La confrontation devient un peu mièvre, voire franchement ringarde avec les images chorégraphiées de Sarah Brahim (Arabie Saoudite). Certes, le dispositif vidéo est ultra sophistiqué, mais jamais l’argent qui transpire de ces voiles translucides, déployés d’un écran à l’autre, ne pourra être compatible avec le sens d’une œuvre artistique. Cela nous donne juste le vertige.
En revanche, dans un recoin des usines Fagor, la tendresse est au rendez-vous, sous un arbre (reconstitué) bruissant de feuilles pourtant sèches et translucides. L’arbre de Nadia Kaabi-Linke, jeune Tunisienne qui explore les questions d’identité, de migrations et de frontières, déborde de son cadre miteux pour mieux nous toucher. Cette installation co-produite avec des habitant .es et des forestier.es de la région lyonnaise nous murmure à l’oreille qu’il existe des espaces - temps où vie et mort s’enracinent. Chaque participant.e a dédié une feuille à un mort aimé.
Le Liban a des liens forts avec Lyon
A l’autre bout de la ville, au musée d’art contemporain (MAC), le cheminement d’un étage à l’autre a fini de nous persuader du renouvellement constant dans les formes et les expressions de l’art contemporain. Sans parler des émotions que procure la confrontation de l’Histoire avec un grand H et des bouleversements du présent. Un étage entier sur trois est consacré au Liban. Pour toutes les amoureuses du « Pays du Cèdre » c’est un régal plus ou moins acidulé que de découvrir la vitalité artistique de ce pays tout au long du 20è siècle jusqu’à aujourd’hui, malgré les guerres et les déchirures, malgré la destruction du port de Beyrouth...
C’est à travers la soie -elle a fait la richesse de Lyon autrefois- que les commissaires de l’exposition ont découvert les liens de la région lyonnaise avec le Liban qui abritait des manufactures de ce précieux tissu. De plus, coïncidence malheureuse, la déflagration du port en 2020 a entrainé la destruction du musée d’art moderne. Voilà comment l’exposition du MAC est à l’image de l’ensemble de la manifestation : de l’insouciance des années 60 à la nostalgie et la peur de l’avenir, elle démontre que nous sommes fragiles, et résistant.es.
Gardons le dernier étage du MAC en dessert. Il est dédié à une femme, Louise Brunet, jetée en prison pour avoir participé à la révolte des Canuts à Lyon en 1834. Il semble qu’elle ait entrepris par la suite un voyage périlleux, de Lyon jusqu’aux manufactures de soie du mont Liban. Le récit romancé de sa vie en grande partie méconnue donne lieu à toute une série de juxtapositions d’oeuvres qui dépoussièrent les époques en mettant en lumière avec humour les esthétiques d’un moment donné.
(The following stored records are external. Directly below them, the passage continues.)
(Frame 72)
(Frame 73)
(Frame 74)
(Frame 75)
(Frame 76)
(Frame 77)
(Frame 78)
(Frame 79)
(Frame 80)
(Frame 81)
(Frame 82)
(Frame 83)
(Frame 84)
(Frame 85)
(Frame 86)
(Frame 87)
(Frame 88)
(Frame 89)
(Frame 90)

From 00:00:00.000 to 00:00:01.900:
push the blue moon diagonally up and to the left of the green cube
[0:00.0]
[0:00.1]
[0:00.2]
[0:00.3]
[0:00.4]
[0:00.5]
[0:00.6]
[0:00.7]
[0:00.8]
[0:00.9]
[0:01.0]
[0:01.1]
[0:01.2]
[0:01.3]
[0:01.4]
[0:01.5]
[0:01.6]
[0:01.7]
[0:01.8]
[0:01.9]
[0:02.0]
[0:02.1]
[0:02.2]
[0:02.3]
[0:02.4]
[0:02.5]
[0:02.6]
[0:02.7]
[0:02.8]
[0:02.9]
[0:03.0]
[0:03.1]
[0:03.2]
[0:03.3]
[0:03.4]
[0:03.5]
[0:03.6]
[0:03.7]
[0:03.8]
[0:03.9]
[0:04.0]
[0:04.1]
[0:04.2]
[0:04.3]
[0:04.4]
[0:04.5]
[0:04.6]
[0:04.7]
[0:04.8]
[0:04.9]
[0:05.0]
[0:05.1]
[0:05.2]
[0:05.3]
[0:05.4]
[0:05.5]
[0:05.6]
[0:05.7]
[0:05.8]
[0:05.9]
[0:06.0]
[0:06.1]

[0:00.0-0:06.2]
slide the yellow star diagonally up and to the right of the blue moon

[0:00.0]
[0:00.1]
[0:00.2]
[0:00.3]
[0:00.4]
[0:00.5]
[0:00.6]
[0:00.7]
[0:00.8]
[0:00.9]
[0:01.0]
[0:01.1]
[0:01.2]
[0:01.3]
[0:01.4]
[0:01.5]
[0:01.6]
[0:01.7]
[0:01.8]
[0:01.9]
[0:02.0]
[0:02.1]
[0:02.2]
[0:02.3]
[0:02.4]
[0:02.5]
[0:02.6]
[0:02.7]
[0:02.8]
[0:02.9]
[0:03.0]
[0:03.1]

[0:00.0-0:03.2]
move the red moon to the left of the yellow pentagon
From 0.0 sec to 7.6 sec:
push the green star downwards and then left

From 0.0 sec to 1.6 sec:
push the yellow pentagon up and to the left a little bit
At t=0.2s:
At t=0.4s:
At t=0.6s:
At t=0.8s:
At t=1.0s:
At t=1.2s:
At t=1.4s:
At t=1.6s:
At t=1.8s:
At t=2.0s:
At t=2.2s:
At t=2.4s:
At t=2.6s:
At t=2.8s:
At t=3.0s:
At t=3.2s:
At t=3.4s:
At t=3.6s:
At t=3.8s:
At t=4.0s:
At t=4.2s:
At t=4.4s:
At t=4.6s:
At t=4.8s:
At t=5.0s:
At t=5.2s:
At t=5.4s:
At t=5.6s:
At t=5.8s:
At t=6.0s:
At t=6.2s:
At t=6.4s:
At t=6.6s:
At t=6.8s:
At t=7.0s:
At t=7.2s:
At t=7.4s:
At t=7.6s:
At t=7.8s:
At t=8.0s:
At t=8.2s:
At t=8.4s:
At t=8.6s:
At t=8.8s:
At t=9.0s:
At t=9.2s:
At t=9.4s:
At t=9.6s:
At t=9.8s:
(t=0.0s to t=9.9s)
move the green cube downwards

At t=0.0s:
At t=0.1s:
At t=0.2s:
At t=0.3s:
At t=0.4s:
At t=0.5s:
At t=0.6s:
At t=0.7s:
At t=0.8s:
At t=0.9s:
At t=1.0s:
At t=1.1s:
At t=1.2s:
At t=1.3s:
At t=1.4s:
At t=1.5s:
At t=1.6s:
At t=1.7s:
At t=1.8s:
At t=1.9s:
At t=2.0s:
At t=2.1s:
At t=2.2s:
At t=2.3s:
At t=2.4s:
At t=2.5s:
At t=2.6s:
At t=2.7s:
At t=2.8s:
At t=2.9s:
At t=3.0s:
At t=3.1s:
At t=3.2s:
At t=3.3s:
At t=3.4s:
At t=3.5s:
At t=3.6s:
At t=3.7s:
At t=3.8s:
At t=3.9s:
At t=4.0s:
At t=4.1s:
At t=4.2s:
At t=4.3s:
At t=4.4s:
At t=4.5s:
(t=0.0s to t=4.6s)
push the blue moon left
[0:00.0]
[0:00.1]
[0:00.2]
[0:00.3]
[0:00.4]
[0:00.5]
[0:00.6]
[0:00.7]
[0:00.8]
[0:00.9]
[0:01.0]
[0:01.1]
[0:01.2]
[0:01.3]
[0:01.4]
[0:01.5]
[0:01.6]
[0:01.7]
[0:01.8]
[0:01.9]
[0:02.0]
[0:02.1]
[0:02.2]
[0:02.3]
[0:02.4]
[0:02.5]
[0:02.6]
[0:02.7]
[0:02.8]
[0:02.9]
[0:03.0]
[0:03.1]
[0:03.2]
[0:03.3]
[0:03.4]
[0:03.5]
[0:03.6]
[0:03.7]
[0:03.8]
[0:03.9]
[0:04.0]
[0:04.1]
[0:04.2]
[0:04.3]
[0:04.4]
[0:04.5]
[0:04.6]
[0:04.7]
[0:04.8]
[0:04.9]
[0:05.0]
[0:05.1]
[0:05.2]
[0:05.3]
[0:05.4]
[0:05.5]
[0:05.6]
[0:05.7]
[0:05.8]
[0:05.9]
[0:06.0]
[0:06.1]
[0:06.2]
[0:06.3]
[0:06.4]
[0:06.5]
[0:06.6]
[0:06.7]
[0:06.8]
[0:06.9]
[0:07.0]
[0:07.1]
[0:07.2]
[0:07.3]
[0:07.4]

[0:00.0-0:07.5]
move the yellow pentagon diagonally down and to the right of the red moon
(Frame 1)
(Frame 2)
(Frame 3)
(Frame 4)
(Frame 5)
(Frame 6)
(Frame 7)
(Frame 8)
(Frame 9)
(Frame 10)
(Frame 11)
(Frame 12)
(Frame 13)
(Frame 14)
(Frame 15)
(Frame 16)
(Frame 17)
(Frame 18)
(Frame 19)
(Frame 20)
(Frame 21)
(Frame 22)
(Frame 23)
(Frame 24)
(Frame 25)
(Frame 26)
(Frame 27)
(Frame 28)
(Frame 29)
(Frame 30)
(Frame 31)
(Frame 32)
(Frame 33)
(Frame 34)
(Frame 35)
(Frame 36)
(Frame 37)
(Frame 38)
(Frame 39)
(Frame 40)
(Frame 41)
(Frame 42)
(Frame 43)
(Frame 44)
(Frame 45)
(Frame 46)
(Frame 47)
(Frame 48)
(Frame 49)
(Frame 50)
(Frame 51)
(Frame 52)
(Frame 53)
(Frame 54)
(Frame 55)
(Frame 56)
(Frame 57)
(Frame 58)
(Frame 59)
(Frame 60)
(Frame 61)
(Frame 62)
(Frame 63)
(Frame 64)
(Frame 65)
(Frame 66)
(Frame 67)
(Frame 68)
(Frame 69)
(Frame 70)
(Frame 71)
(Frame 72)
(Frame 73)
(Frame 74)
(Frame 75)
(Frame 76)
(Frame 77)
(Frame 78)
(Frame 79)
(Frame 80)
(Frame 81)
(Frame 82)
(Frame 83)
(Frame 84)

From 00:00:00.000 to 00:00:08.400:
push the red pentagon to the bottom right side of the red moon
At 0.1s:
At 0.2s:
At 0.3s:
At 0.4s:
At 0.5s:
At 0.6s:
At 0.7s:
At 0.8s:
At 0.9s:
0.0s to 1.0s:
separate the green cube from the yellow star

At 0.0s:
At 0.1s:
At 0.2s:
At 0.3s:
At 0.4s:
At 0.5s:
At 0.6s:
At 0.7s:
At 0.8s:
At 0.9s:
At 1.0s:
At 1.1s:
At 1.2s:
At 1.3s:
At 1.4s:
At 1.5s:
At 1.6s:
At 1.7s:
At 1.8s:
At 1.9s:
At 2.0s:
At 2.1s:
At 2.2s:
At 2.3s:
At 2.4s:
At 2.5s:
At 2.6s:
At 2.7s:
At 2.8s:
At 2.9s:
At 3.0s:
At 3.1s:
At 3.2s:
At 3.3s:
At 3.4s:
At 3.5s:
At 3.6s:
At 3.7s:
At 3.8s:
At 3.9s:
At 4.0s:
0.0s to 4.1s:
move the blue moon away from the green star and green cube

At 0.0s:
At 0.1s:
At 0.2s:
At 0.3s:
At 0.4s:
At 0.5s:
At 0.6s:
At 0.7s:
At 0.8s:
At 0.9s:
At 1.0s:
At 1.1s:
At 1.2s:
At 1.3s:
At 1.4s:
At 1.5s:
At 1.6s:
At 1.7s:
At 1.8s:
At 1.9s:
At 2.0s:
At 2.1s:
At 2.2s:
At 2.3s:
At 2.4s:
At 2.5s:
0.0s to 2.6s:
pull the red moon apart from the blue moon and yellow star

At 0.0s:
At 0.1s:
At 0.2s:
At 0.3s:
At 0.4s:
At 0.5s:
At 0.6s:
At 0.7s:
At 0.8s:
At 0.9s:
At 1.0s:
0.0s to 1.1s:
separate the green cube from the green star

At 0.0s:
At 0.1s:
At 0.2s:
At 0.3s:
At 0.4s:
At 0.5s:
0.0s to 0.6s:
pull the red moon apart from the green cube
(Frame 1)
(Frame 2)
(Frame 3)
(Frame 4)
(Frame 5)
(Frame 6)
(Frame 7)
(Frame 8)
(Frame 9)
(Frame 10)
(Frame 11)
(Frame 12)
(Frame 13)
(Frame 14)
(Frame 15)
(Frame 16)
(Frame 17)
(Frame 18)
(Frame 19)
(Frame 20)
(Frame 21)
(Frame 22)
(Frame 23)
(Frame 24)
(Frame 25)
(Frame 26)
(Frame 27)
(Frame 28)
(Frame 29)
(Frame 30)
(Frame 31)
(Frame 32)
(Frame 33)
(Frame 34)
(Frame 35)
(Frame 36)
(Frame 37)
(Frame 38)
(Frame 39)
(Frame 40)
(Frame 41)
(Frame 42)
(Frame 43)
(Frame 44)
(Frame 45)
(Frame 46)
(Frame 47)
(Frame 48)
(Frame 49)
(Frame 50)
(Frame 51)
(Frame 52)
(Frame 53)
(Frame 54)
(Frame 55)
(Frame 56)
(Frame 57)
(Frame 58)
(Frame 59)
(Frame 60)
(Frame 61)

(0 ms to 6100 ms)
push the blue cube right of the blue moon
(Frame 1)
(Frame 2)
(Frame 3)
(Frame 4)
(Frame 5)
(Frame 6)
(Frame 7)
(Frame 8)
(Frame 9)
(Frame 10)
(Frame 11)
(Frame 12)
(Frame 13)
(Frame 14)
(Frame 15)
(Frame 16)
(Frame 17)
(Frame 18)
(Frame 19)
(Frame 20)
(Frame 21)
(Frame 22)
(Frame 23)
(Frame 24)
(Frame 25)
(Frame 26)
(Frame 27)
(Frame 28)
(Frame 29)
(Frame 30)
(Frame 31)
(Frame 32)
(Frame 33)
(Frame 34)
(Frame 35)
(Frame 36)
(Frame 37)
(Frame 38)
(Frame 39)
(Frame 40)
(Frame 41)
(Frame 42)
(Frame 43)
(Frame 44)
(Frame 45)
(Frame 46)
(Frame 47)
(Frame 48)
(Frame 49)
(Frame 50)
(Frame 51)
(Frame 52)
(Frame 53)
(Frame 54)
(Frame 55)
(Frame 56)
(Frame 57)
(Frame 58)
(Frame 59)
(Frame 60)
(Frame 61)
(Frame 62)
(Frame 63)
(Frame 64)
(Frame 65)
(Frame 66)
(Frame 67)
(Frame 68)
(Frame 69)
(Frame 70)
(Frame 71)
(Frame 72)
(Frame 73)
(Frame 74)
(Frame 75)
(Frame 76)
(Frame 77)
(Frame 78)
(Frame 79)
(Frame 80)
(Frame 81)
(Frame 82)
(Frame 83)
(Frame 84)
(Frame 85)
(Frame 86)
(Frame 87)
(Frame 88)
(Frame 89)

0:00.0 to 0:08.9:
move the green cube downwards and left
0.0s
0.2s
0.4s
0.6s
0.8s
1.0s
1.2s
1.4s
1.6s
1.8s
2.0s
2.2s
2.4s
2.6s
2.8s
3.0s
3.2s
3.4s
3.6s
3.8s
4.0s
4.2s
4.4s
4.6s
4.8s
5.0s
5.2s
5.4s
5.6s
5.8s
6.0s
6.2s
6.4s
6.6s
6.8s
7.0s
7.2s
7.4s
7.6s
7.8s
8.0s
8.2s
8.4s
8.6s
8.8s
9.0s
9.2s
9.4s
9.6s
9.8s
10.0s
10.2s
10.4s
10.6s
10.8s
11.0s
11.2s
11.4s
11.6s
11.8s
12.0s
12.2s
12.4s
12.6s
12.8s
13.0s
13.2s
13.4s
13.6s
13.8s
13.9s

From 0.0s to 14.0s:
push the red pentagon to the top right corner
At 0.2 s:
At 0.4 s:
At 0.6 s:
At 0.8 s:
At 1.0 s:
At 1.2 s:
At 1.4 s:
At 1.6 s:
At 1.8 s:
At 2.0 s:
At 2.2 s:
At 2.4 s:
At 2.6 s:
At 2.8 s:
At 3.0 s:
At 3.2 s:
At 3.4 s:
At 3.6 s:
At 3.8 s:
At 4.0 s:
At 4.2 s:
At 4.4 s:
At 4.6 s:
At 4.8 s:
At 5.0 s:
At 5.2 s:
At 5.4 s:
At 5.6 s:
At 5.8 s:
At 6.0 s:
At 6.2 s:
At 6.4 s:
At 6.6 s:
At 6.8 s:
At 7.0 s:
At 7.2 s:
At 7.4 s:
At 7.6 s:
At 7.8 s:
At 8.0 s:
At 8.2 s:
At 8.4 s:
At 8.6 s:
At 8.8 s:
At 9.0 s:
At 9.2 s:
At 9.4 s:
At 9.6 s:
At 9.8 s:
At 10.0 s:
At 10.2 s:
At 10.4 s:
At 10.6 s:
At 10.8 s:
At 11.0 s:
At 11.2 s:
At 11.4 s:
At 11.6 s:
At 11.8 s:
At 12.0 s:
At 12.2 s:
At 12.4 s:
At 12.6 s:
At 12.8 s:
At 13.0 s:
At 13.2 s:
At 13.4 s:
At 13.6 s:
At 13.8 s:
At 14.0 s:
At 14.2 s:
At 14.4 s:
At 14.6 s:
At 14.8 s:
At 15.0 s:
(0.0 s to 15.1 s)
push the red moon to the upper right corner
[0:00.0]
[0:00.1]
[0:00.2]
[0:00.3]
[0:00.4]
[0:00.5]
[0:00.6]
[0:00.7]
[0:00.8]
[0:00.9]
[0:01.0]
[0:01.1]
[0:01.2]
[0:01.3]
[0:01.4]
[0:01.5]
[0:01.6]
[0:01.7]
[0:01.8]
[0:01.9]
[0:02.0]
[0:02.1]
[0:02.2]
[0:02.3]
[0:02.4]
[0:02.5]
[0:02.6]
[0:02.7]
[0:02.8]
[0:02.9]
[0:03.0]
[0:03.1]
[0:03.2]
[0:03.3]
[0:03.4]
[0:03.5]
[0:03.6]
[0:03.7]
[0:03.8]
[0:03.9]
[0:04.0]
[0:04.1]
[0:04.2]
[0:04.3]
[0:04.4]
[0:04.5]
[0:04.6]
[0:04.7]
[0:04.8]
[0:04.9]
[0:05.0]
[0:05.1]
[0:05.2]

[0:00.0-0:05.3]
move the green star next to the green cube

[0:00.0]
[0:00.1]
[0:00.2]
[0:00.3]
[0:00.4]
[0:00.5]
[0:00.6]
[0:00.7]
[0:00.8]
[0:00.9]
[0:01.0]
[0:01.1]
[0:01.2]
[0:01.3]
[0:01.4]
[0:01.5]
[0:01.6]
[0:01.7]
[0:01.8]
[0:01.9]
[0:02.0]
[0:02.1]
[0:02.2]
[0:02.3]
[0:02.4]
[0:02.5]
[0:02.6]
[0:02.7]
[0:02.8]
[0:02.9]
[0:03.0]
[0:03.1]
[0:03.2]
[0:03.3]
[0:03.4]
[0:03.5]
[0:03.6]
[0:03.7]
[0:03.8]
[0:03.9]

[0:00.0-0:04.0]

On a particulièrement apprécié une vidéo : « a Brief History of Princess X » que nous recommandons chaudement à toutes les amatrices d’art, de psychanalyse et de sitcom. Dans les fictions nouées autour de micro-évènements, on découvre des merveilles sous formes de photos, peintures, dessins, installations, performances, vidéos.
Ainsi, ce Manifesto of fragility, ode à la fragilité, à l’intimité retrouvée, transmet aux visiteur.es le désir d’une humanité qui voudrait tant être heureuse, ou au moins, résiliente.